Все переглянулись. Она в наивной форме высказала то, что у всех было на уме.

Это было так: скоро миру настанет конец! Все были уверены в этом. Конец тому миру, который был известен им, и, конечно, вместе с ним и конец всей вселенной.

Человеческая раса вырождалась после золотого века. Гибель приближалась уже в течение трех веков. Семьи уходили из жизни, не оставляя потомства. Везде торжествовали варвары: рабов не хватало, потому что их доставляли лишь победы греков и римлян. А разве можно продолжать без рабов цивилизацию, построенную на рабстве и на труде рабов?

Хорошее время исчезло навсегда. Жизнь такая, какой стоило жить, делалась все более невозможной. Настанет гибель мира! Он неминуемо должен погибнуть. Как же не думать о том, что останется после этого страшного разрушения: о будущей жизни, вечной, таинственной, полной ужасов, если заблаговременно не позаботиться о гарантиях против этих ужасов? И в то же время полной блаженства, если вовремя суметь обеспечить его? Гости вздрогнули, объятые ужасом.

Тем не менее Феоктин сделал попытку защитить себя.

— Из твоих слов, Филомор, я вижу, что я прав. Разве империя не приняла наших богов? Мы не делаем ничего, Миррина и я, чего не делалось бы уже до нас. Империя сама поняла, что новые идеи породили новые верования. И очень может быть, что старые не имеют уже для нее никакого значения; но, как бы то ни было, а она приноравливается, и новые верования дают удовлетворение людям.

— Ты думаешь? — спросил Сефисодор.

Он был совершенно пьян. В одно и то же время он отдавал себе ясный отчет во всем, что происходило кругом, и вместе с тем он заговаривался.

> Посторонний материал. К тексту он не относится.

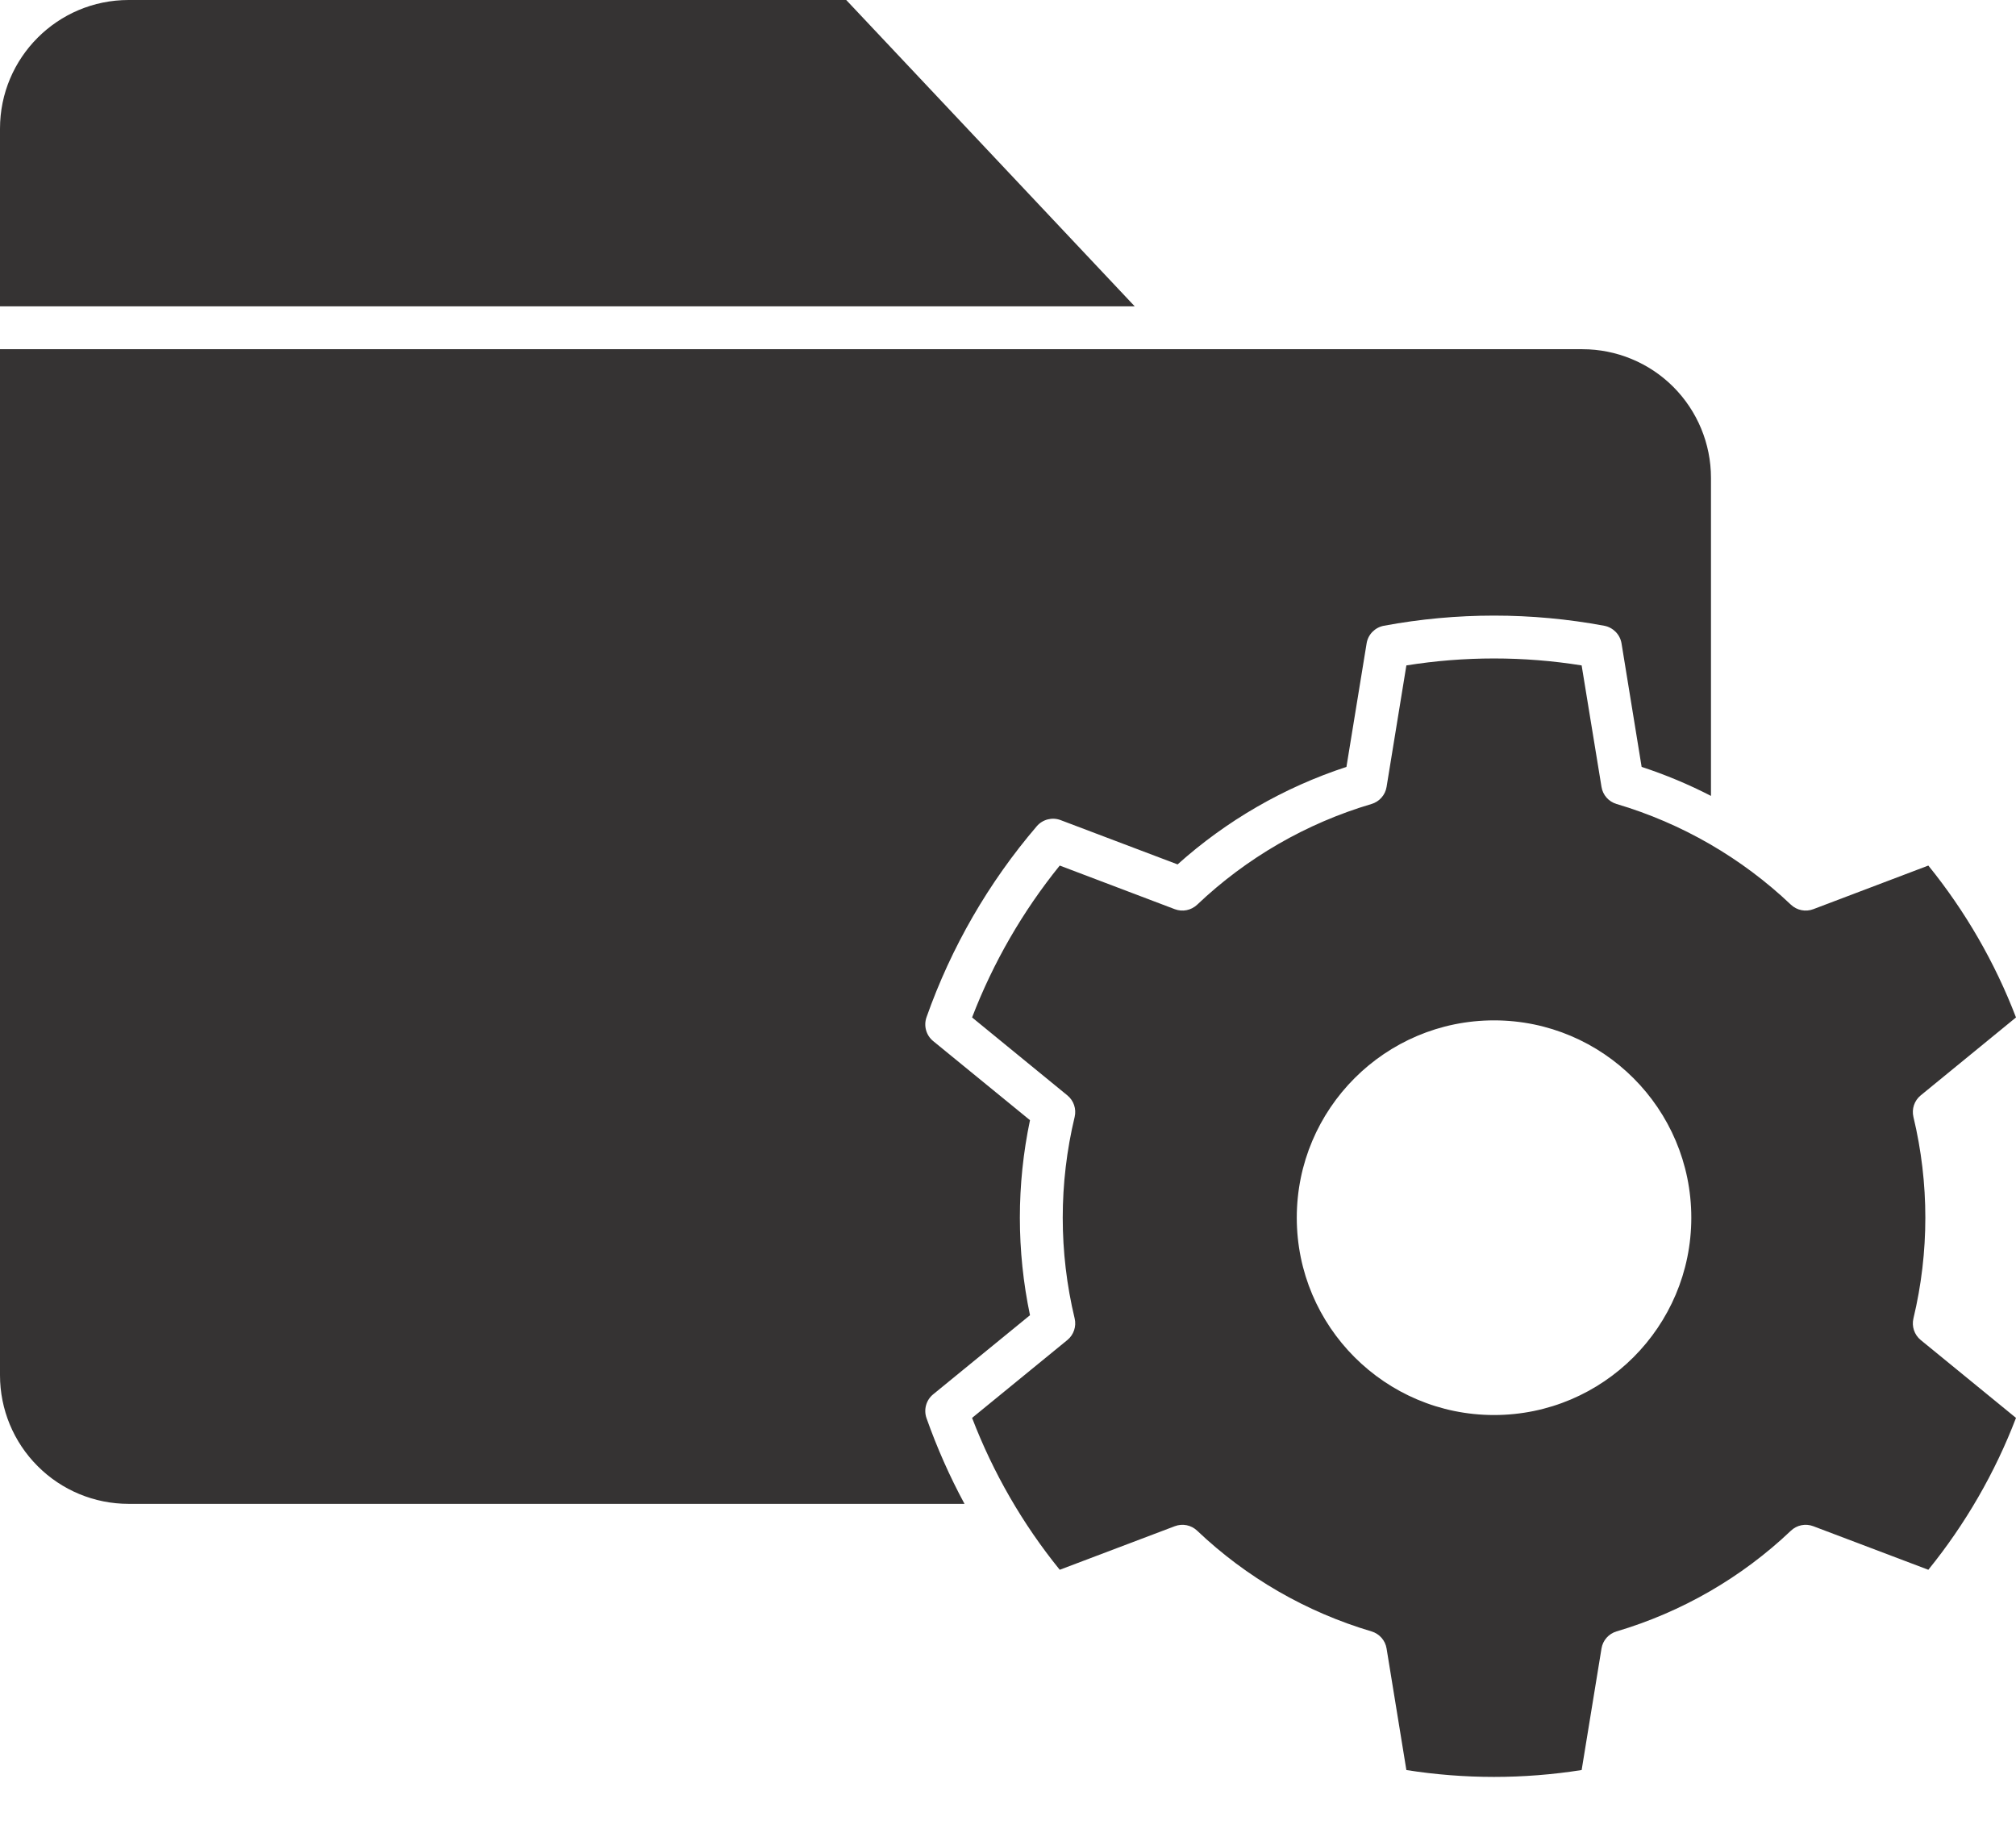 <svg width="33" height="30" viewBox="0 0 33 30" fill="none" xmlns="http://www.w3.org/2000/svg">
<path fill-rule="evenodd" clip-rule="evenodd" d="M18.574 5.014L13.852 0H2.105C0.943 0 0 0.943 0 2.106V5.014H18.574ZM28.007 13.028V7.821C28.007 7.263 27.785 6.728 27.39 6.332C26.996 5.938 26.46 5.716 25.902 5.716C25.902 5.716 23.123 5.716 19.386 5.716H0V22.511C0 23.069 0.222 23.605 0.617 23.999C1.011 24.395 1.547 24.616 2.105 24.616H15.788C15.545 24.166 15.337 23.697 15.166 23.213C15.117 23.073 15.16 22.918 15.274 22.824L16.86 21.528C16.639 20.475 16.639 19.388 16.86 18.336L15.274 17.04C15.16 16.946 15.117 16.791 15.166 16.651C15.57 15.506 16.182 14.446 16.971 13.524C17.067 13.412 17.223 13.372 17.361 13.424L19.276 14.149C20.077 13.431 21.018 12.888 22.04 12.553L22.37 10.532C22.393 10.386 22.506 10.271 22.651 10.243C23.844 10.021 25.068 10.021 26.261 10.243C26.406 10.271 26.519 10.386 26.543 10.532L26.872 12.553C27.263 12.681 27.643 12.84 28.007 13.028ZM25.89 10.892C24.94 10.74 23.972 10.74 23.021 10.892L22.697 12.88C22.676 13.013 22.579 13.122 22.451 13.16C21.382 13.476 20.404 14.042 19.596 14.809C19.498 14.901 19.357 14.93 19.23 14.882L17.347 14.168C16.741 14.917 16.257 15.756 15.912 16.654L17.472 17.93C17.576 18.015 17.622 18.152 17.591 18.283C17.331 19.367 17.331 20.497 17.591 21.581C17.622 21.711 17.576 21.849 17.472 21.934L15.912 23.209C16.257 24.108 16.74 24.947 17.347 25.695L19.23 24.982C19.357 24.934 19.498 24.962 19.596 25.055C20.404 25.823 21.382 26.387 22.451 26.704C22.579 26.742 22.676 26.851 22.697 26.984L23.021 28.973C23.972 29.123 24.94 29.123 25.89 28.973L26.215 26.984C26.236 26.851 26.332 26.742 26.461 26.704C27.53 26.387 28.508 25.823 29.316 25.055C29.414 24.962 29.556 24.934 29.682 24.982L31.565 25.695C32.171 24.947 32.656 24.108 33 23.209L31.44 21.934C31.336 21.849 31.29 21.711 31.321 21.581C31.581 20.497 31.581 19.367 31.321 18.283C31.29 18.152 31.336 18.015 31.44 17.93L33 16.654C32.656 15.756 32.172 14.917 31.565 14.168L29.682 14.882C29.556 14.93 29.414 14.901 29.316 14.809C28.508 14.042 27.53 13.476 26.461 13.16C26.332 13.122 26.236 13.013 26.215 12.88L25.89 10.892ZM24.456 16.702C26.238 16.702 27.685 18.149 27.685 19.932C27.685 21.715 26.238 23.162 24.456 23.162C22.674 23.162 21.227 21.715 21.227 19.932C21.227 18.149 22.674 16.702 24.456 16.702Z" fill="#353333"/>
</svg>

— Ты так думаешь?.. Нет, ты ошибаешься, Феоктин люди уже не могут принять твоих богов Азии и Египта! Народились новые понятия. Наши боги Олимпа имеют к несчастью, прошлое, тогда как бог христиан его не имеет. Легенда, которую о нем создадут и которая уже может быть, создана, может соответствовать духу времени. Ему, кажется, приписывают отца — бога евреев, но, по-видимому, жены у него не было, или даже вообще женщин. У него даже нет лица, нет истории. Все будущее принадлежит ему.

Гости закричали наперерыв, смеясь:

— Так сделайся же христианином, Сефисодор! Отпей еще глоток и переходи в христианство!

Он внимательно рассматривал на дне кубка маслянистые осадки вина — старого критского вина, густого, точно ликер.

— Из всех вас я один никогда не сделаюсь христианином. Даже ты, Филомор, больше любишь империю, чем богов; и, пожертвовав христианами ради империи, ты будешь способен пожертвовать империей ради христиан в надежде сохранить ее. А что касается меня… Я и больше и меньше поэта в одно и то же время: я человек, любящий поэтов! Ты только философ… А я без содрогания не могу подумать о той потере, которую понесет человечество, когда при чтении Гомера оно будет видеть в тени Афины, сопровождающей Одиссея, ложь и выдумку. Эти божественные стихи! Каким образом можно будет тогда вкушать всю божественность их? Поэтому я клянусь, если нужно, быть последним верноподданным олимпийцев!